## What is required
Leaving out all pictures, transcribe the lines below exactly, from the first through the line containing "En passant target".

(Dataset excerpts)

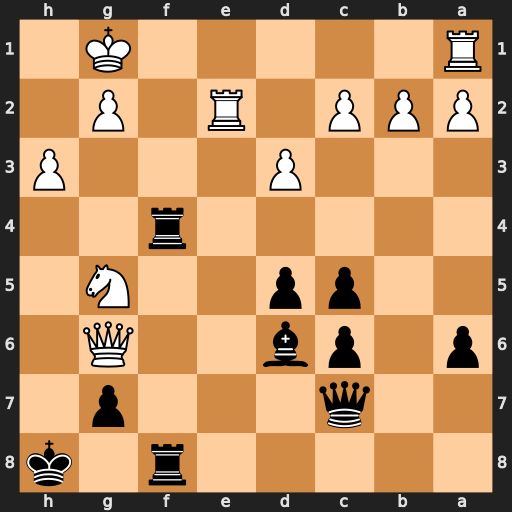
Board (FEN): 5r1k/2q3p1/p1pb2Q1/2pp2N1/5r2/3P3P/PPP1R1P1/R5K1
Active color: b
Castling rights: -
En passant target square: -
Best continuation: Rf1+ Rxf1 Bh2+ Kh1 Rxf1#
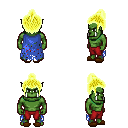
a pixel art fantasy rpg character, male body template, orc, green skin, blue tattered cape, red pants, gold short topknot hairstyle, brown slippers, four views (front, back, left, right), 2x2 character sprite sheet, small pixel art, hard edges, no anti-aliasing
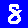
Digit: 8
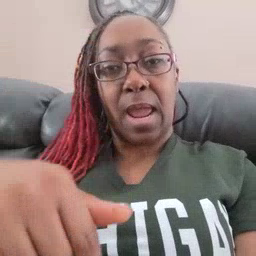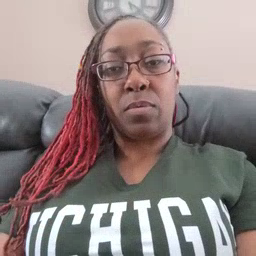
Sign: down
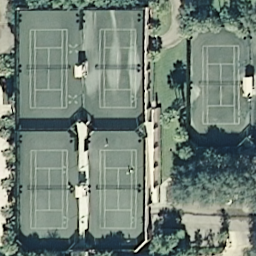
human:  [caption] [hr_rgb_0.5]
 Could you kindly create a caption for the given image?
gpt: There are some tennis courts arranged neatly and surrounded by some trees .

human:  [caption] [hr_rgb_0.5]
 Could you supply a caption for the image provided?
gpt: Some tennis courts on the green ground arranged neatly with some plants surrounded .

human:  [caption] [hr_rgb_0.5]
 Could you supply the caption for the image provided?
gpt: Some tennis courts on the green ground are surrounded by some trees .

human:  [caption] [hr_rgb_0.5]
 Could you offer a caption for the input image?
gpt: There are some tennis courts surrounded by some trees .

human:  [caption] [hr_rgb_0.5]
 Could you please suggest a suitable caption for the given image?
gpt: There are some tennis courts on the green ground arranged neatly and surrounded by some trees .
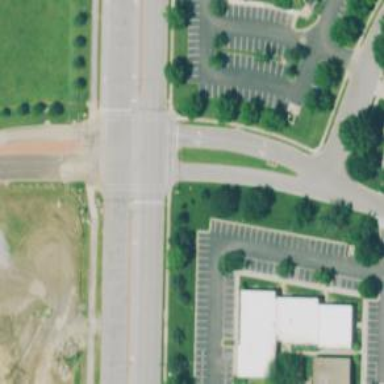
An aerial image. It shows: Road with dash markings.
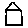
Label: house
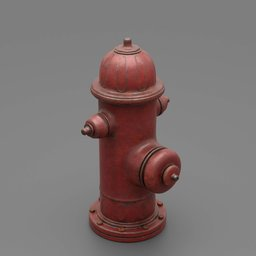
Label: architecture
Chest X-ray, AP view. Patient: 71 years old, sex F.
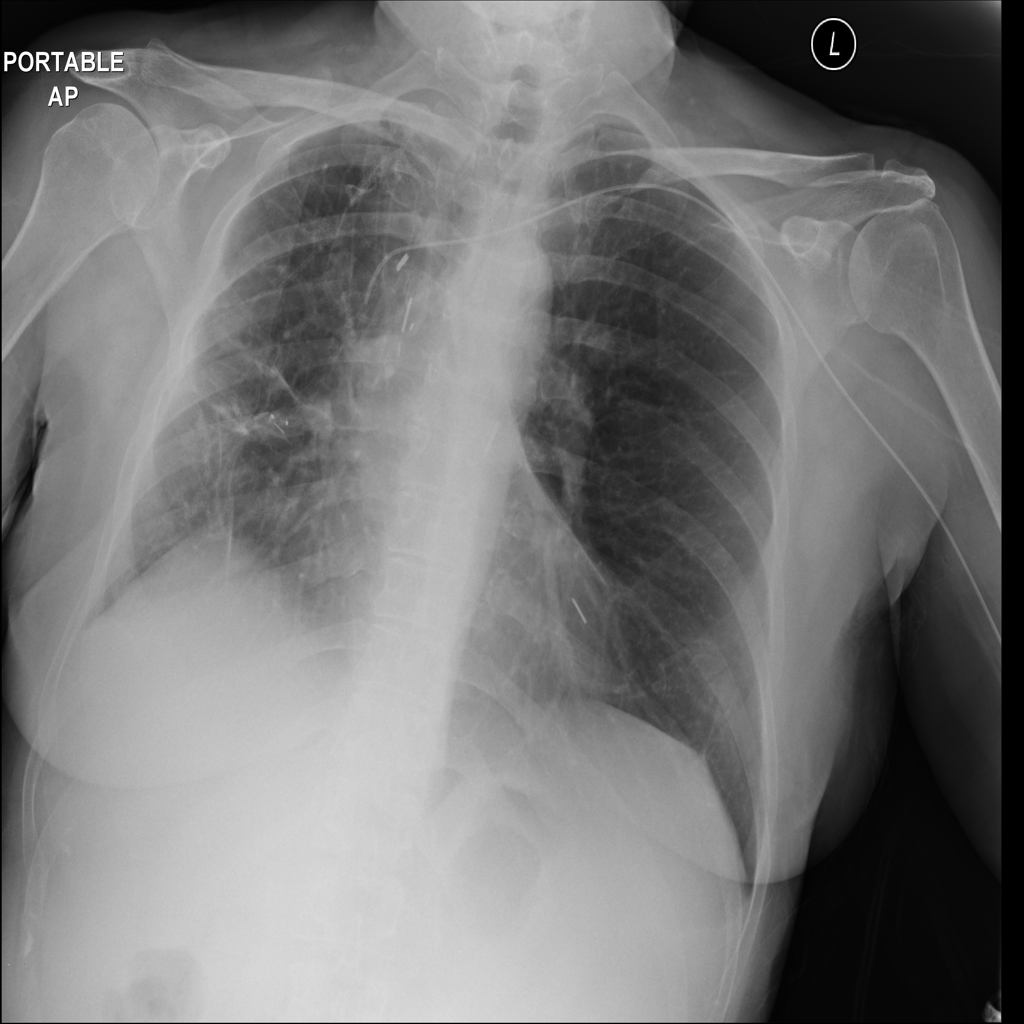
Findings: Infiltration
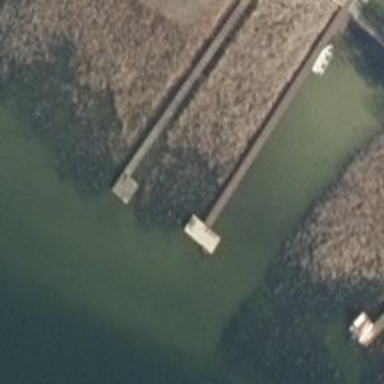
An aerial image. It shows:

## Expected answer
Board (FEN): 5r1k/2q3p1/p1pb2Q1/2pp2N1/5r2/3P3P/PPP1R1P1/R5K1
Active color: b
Castling rights: -
En passant target square: -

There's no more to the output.